PROVIDED RECORDS =>
◆ ◆ ◆ ◆ ◆ ◆ ◆
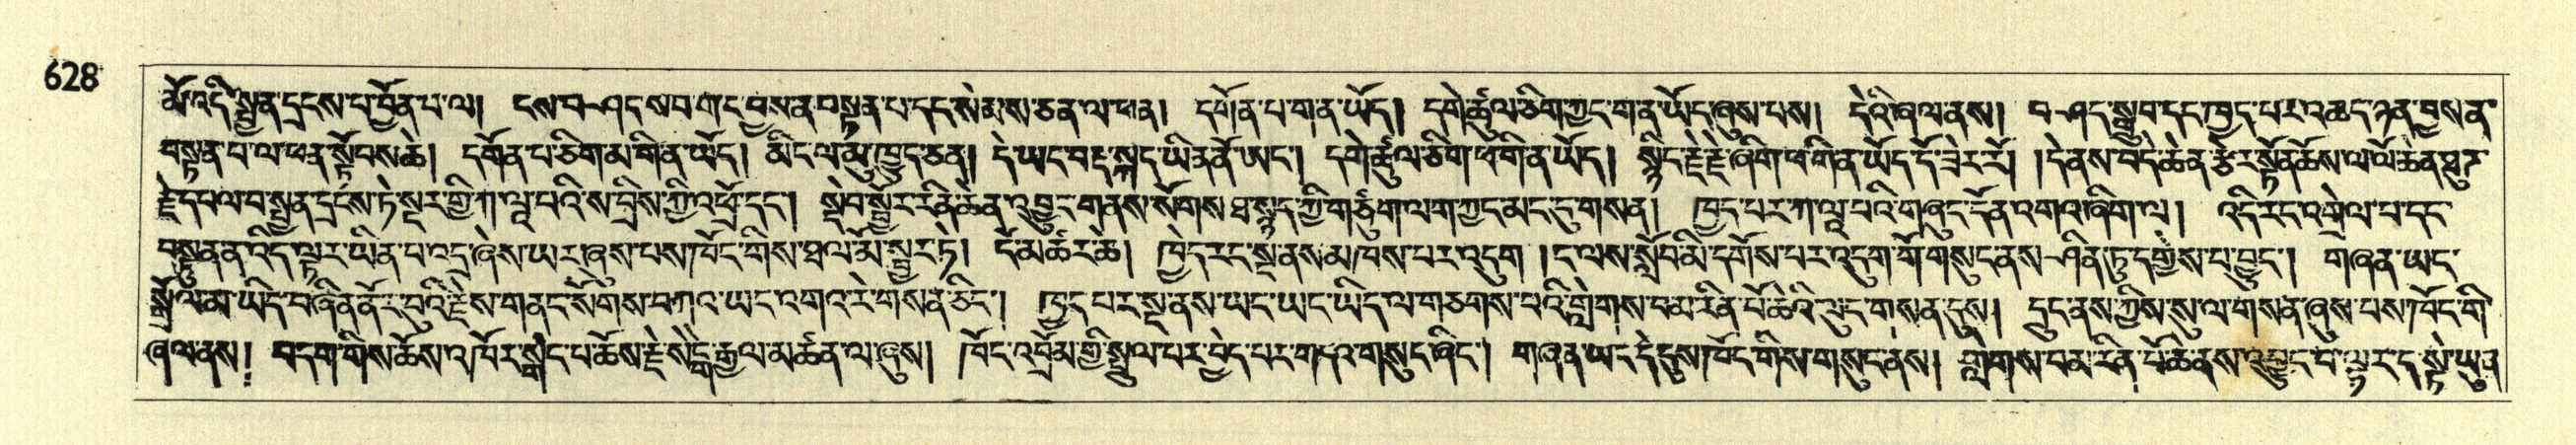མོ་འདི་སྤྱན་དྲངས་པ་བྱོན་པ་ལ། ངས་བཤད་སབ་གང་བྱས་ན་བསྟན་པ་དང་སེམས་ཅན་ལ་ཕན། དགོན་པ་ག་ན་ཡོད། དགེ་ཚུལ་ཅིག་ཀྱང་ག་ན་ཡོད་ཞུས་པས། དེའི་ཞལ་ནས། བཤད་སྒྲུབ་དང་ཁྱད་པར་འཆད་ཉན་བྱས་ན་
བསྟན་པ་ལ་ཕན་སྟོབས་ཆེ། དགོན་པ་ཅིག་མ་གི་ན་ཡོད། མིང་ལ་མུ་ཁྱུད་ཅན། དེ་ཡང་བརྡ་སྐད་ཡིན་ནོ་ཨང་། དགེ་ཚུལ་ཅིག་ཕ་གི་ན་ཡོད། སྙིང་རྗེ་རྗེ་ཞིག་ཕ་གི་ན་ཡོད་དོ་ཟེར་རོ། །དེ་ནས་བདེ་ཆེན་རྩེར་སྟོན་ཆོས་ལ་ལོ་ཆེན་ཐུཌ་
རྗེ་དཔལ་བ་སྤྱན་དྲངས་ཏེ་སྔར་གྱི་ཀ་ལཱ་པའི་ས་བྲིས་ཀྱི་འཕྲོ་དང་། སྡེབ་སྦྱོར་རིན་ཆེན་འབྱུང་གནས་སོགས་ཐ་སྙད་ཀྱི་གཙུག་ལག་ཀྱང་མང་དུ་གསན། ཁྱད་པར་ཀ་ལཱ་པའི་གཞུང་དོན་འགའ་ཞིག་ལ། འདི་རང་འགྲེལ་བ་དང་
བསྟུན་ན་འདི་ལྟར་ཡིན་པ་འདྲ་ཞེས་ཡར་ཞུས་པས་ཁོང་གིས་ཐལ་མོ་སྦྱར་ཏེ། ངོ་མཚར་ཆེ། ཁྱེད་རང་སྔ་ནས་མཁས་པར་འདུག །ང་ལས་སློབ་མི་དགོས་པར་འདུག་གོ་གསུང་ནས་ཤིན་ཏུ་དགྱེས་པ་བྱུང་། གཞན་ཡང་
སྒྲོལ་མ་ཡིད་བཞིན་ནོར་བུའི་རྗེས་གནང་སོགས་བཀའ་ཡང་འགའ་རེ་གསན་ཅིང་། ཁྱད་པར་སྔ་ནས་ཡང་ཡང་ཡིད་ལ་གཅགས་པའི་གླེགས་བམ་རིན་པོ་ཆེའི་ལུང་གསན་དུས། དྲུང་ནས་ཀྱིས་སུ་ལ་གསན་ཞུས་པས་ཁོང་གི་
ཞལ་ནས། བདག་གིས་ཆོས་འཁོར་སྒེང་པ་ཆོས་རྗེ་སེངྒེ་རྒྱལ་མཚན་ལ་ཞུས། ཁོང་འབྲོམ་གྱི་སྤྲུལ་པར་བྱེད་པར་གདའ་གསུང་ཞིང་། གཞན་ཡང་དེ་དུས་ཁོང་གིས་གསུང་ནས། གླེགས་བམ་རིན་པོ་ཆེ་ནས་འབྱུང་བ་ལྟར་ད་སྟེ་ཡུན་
◆ ◆ ◆ ◆ ◆ ◆ ◆
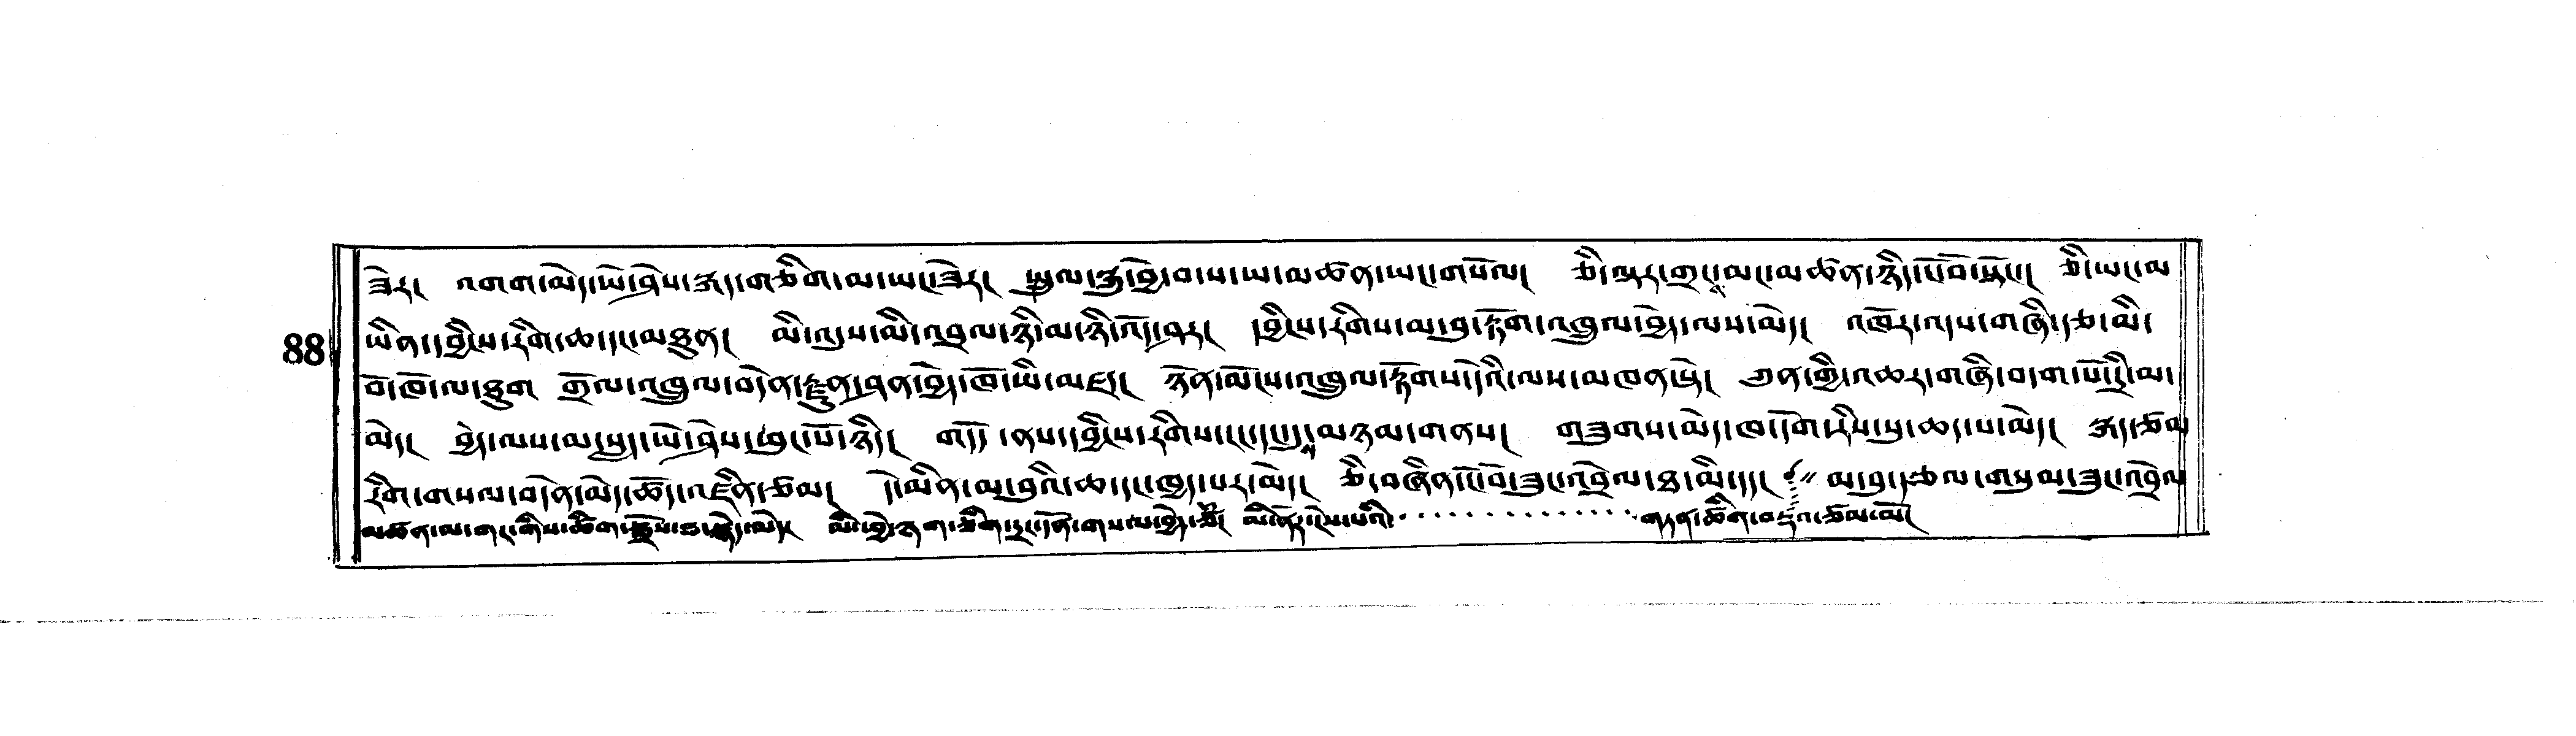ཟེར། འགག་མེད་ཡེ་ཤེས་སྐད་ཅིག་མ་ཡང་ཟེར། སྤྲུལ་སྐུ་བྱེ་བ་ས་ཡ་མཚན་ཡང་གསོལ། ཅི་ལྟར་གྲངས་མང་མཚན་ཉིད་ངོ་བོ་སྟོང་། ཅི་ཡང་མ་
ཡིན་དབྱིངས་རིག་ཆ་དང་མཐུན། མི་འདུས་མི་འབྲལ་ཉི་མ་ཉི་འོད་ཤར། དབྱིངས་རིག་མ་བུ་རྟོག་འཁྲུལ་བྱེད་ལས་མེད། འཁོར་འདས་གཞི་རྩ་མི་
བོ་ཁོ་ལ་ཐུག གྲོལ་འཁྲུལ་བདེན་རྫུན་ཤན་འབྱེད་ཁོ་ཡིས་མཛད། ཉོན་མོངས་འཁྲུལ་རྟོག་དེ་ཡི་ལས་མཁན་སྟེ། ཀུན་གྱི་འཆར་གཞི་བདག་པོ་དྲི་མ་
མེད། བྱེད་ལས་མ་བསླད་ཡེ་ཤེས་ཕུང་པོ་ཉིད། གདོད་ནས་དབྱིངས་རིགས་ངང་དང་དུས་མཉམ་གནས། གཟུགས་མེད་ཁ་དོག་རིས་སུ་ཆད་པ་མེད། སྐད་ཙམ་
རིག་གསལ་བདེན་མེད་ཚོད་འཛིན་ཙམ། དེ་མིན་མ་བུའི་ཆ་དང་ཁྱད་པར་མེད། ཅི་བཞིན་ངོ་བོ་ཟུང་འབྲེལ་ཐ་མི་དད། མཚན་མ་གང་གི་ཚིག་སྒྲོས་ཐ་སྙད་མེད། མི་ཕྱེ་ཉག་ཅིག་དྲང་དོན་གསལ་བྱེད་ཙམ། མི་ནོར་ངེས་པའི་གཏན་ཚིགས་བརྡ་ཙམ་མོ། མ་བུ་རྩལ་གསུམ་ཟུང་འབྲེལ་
◆ ◆ ◆ ◆ ◆ ◆ ◆
WHAT YOU NEED TO DO =>
Out of the records above, set down only the lines from the one that contains "དགོན་པ་ག་ན་ཡོད། དགེ་ཚུལ་ཅིག་ཀྱང་ག་ན་ཡོད་ཞུས་པས། དེའི་ཞལ་ནས།" through the one that contains "བསྟན་པ་ལ་ཕན་སྟོབས་ཆེ། དགོན་པ་ཅིག་མ་གི་ན་ཡོད། མིང་ལ་མུ་ཁྱུད་ཅན།", unchanged and without the pictures.

ANSWER TO THIS EXERCISE =>
མོ་འདི་སྤྱན་དྲངས་པ་བྱོན་པ་ལ། ངས་བཤད་སབ་གང་བྱས་ན་བསྟན་པ་དང་སེམས་ཅན་ལ་ཕན། དགོན་པ་ག་ན་ཡོད། དགེ་ཚུལ་ཅིག་ཀྱང་ག་ན་ཡོད་ཞུས་པས། དེའི་ཞལ་ནས། བཤད་སྒྲུབ་དང་ཁྱད་པར་འཆད་ཉན་བྱས་ན་
བསྟན་པ་ལ་ཕན་སྟོབས་ཆེ། དགོན་པ་ཅིག་མ་གི་ན་ཡོད། མིང་ལ་མུ་ཁྱུད་ཅན། དེ་ཡང་བརྡ་སྐད་ཡིན་ནོ་ཨང་། དགེ་ཚུལ་ཅིག་ཕ་གི་ན་ཡོད། སྙིང་རྗེ་རྗེ་ཞིག་ཕ་གི་ན་ཡོད་དོ་ཟེར་རོ། །དེ་ནས་བདེ་ཆེན་རྩེར་སྟོན་ཆོས་ལ་ལོ་ཆེན་ཐུཌ་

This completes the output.